[Stored items]
------------------------------------------------

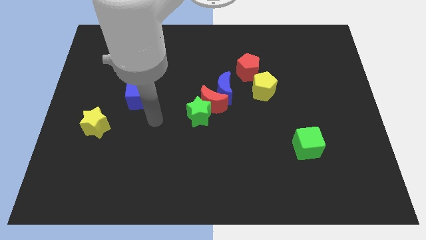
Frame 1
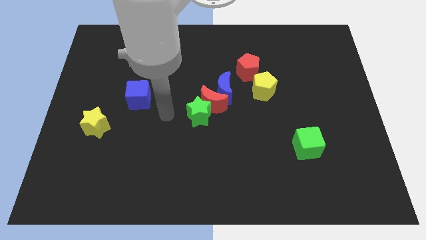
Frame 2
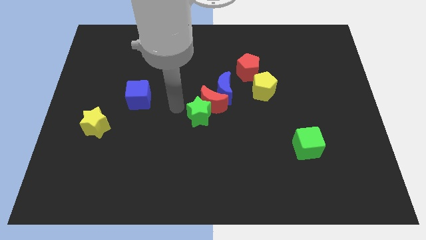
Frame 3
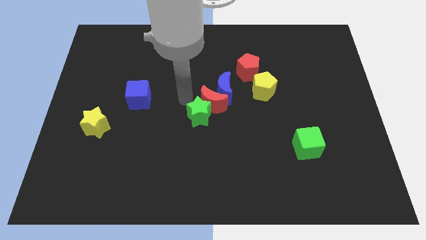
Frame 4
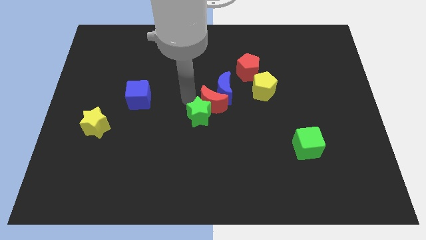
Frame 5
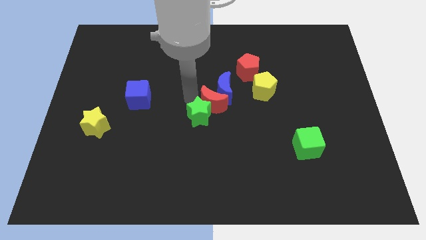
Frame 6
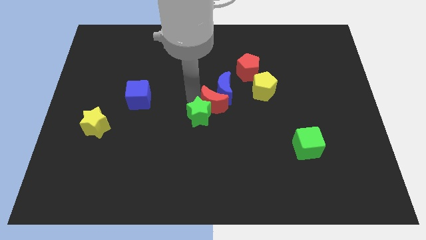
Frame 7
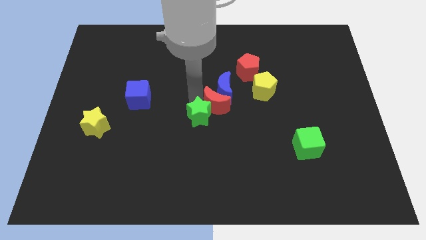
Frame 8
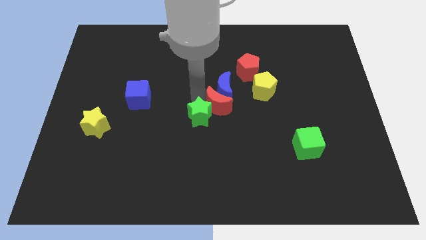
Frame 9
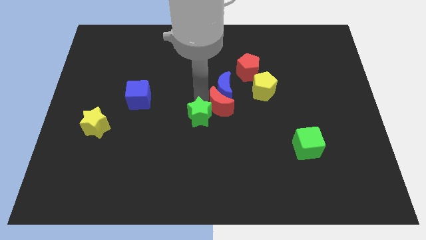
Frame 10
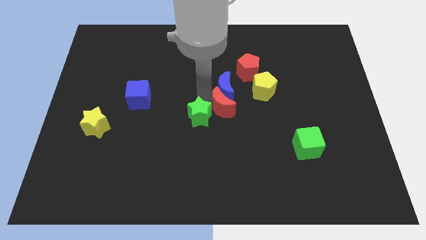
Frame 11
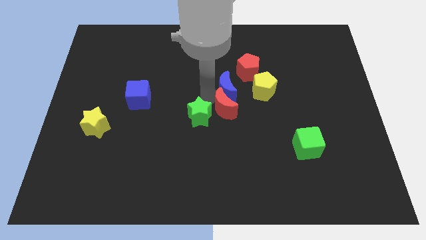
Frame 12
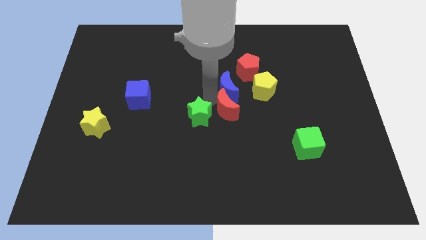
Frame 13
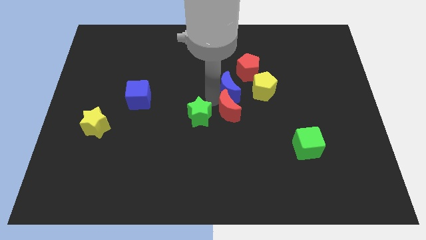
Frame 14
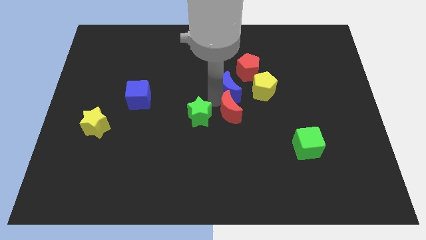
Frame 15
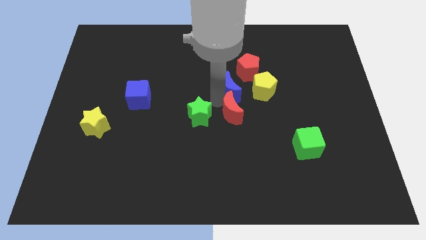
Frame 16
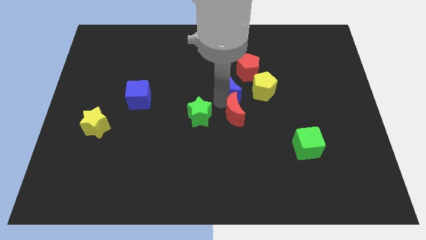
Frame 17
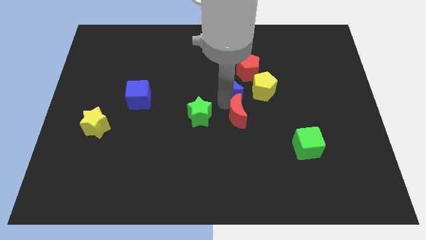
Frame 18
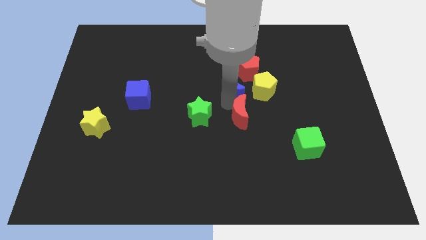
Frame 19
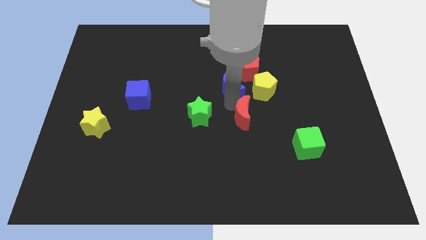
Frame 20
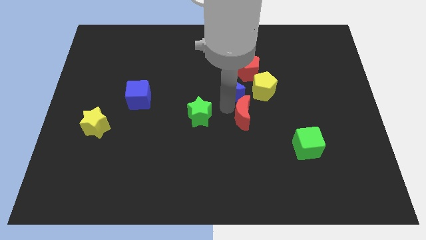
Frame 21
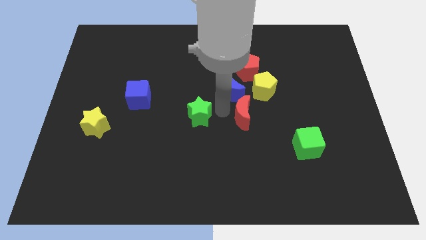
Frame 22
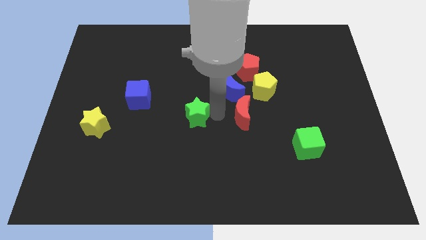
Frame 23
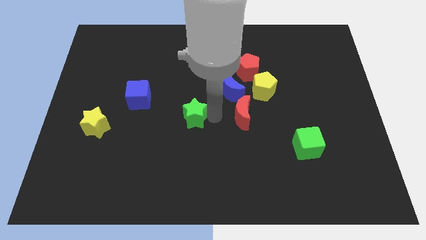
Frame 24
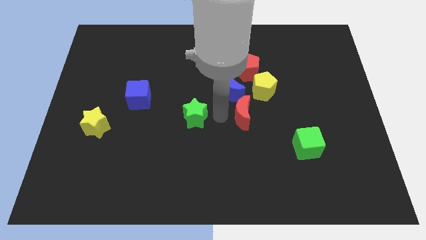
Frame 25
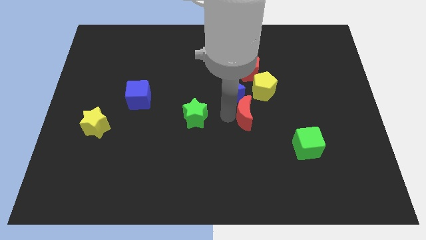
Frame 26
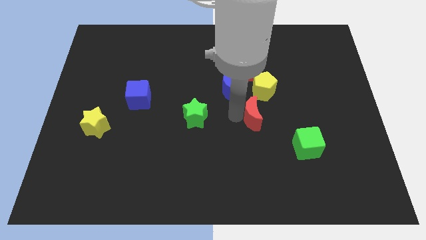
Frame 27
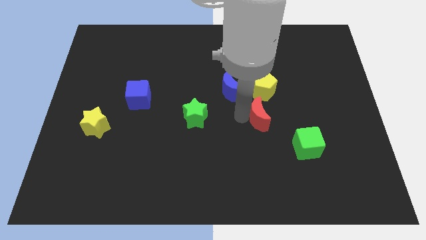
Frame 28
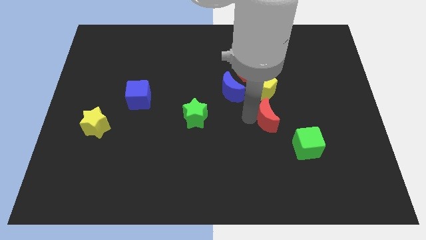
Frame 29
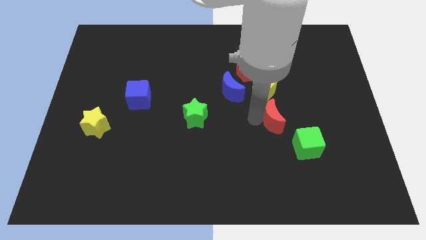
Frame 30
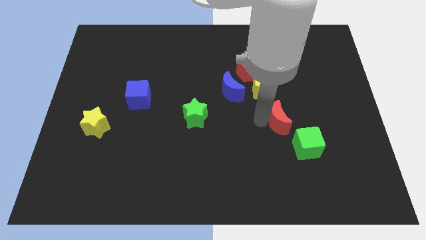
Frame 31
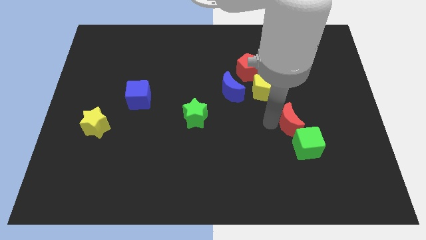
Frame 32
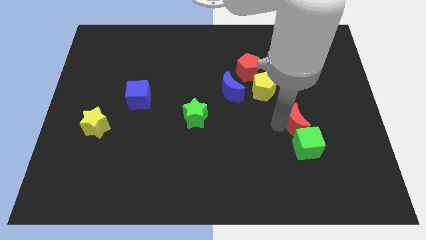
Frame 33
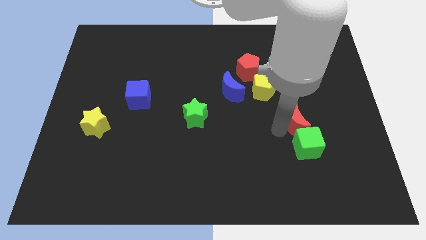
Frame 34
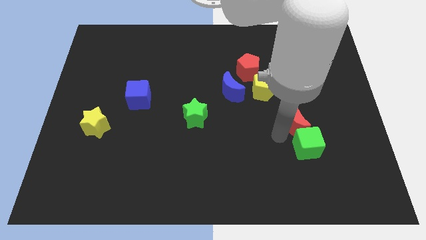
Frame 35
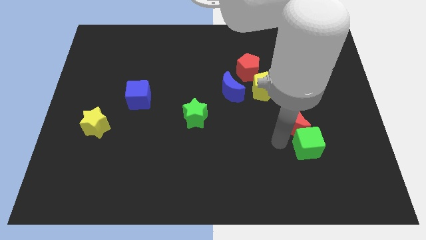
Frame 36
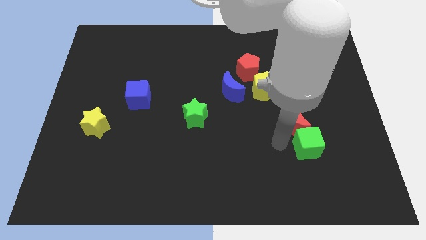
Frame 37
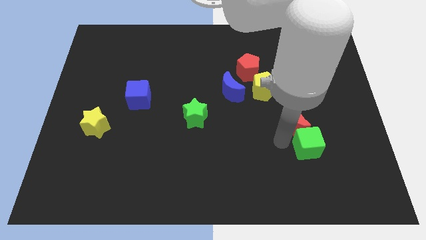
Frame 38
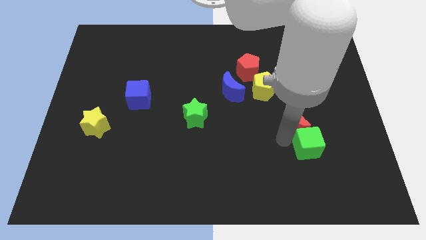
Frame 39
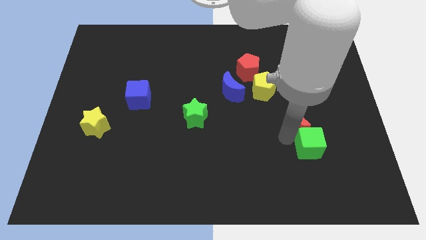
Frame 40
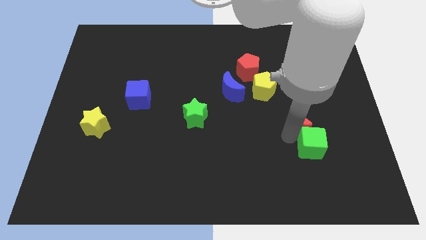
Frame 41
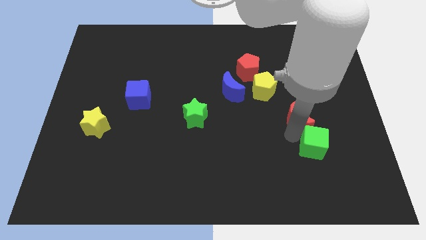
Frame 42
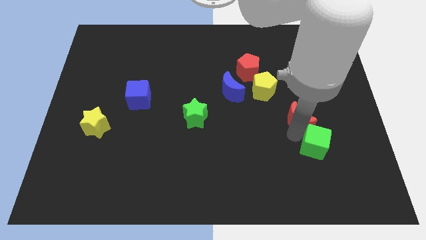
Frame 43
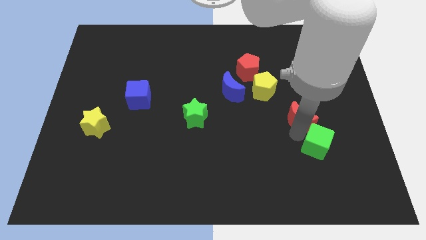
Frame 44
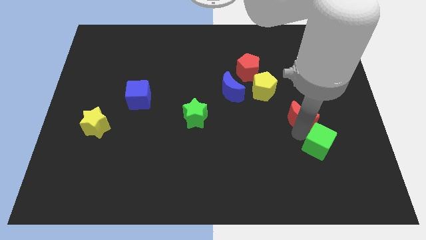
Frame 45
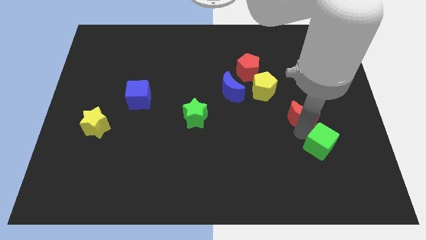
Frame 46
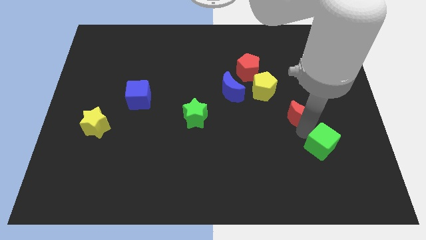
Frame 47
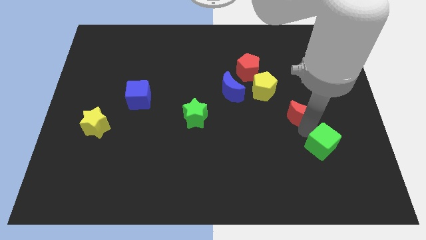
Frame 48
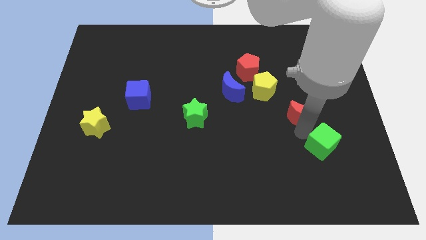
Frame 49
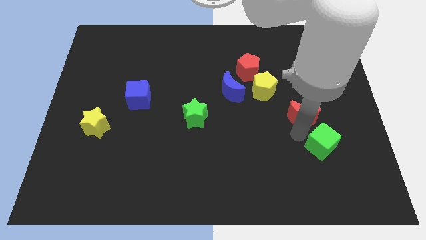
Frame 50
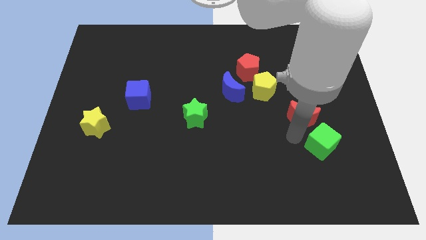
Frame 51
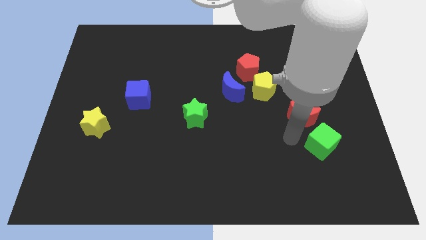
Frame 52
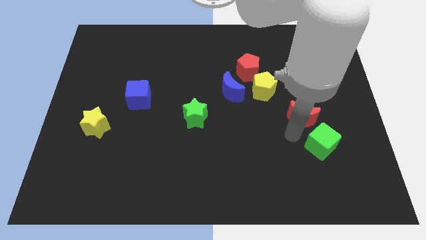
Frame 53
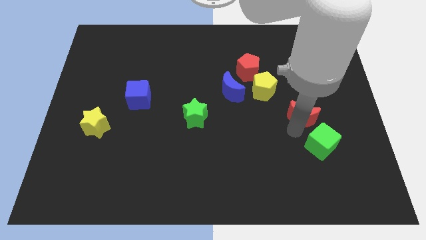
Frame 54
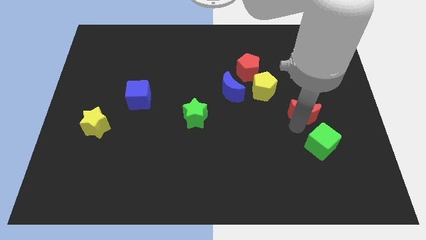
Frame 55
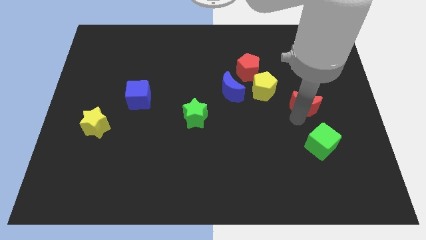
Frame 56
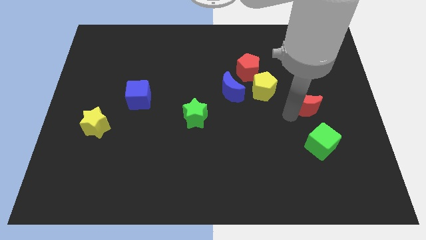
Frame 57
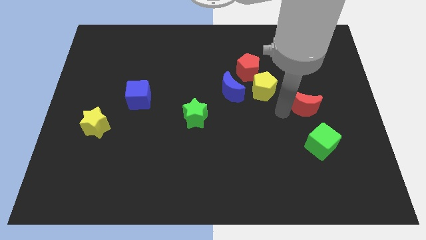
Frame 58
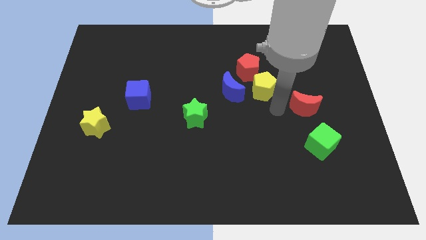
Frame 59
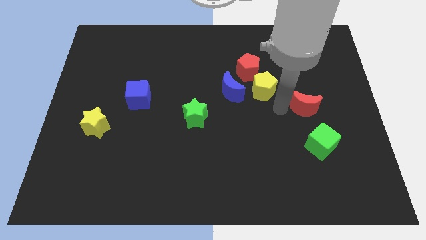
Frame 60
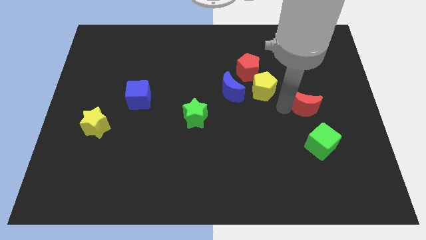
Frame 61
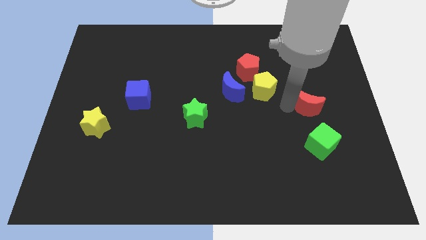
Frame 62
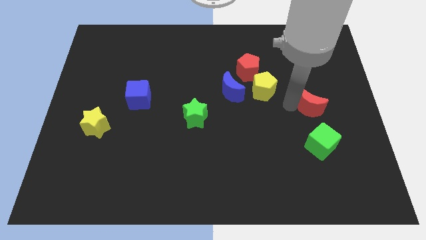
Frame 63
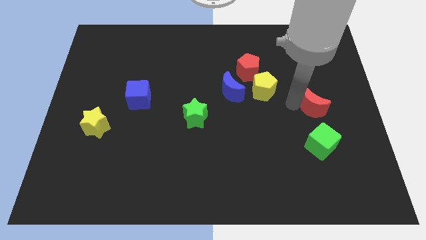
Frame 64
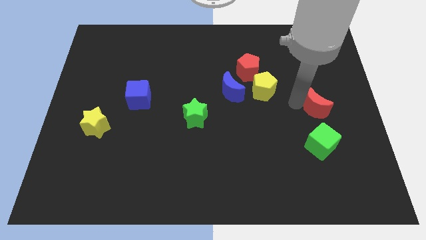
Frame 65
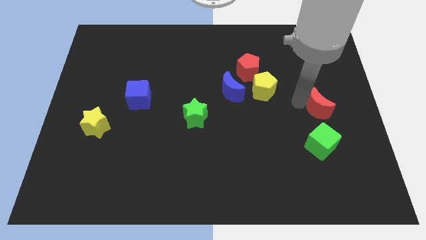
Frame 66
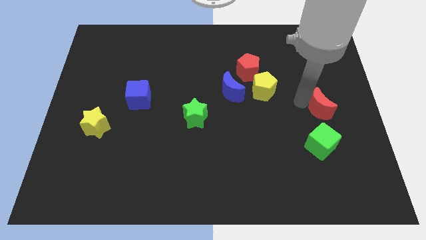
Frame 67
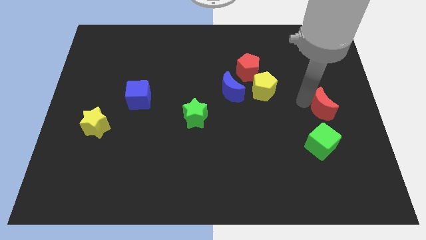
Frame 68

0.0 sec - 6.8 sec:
move the red moon to the right side

------------------------------------------------

▸ Exercise directions: Each entry should appear again exactly as written, pictures excluded.

▸ Reply to the task:
Frame 1
Frame 2
Frame 3
Frame 4
Frame 5
Frame 6
Frame 7
Frame 8
Frame 9
Frame 10
Frame 11
Frame 12
Frame 13
Frame 14
Frame 15
Frame 16
Frame 17
Frame 18
Frame 19
Frame 20
Frame 21
Frame 22
Frame 23
Frame 24
Frame 25
Frame 26
Frame 27
Frame 28
Frame 29
Frame 30
Frame 31
Frame 32
Frame 33
Frame 34
Frame 35
Frame 36
Frame 37
Frame 38
Frame 39
Frame 40
Frame 41
Frame 42
Frame 43
Frame 44
Frame 45
Frame 46
Frame 47
Frame 48
Frame 49
Frame 50
Frame 51
Frame 52
Frame 53
Frame 54
Frame 55
Frame 56
Frame 57
Frame 58
Frame 59
Frame 60
Frame 61
Frame 62
Frame 63
Frame 64
Frame 65
Frame 66
Frame 67
Frame 68

0.0 sec - 6.8 sec:
move the red moon to the right side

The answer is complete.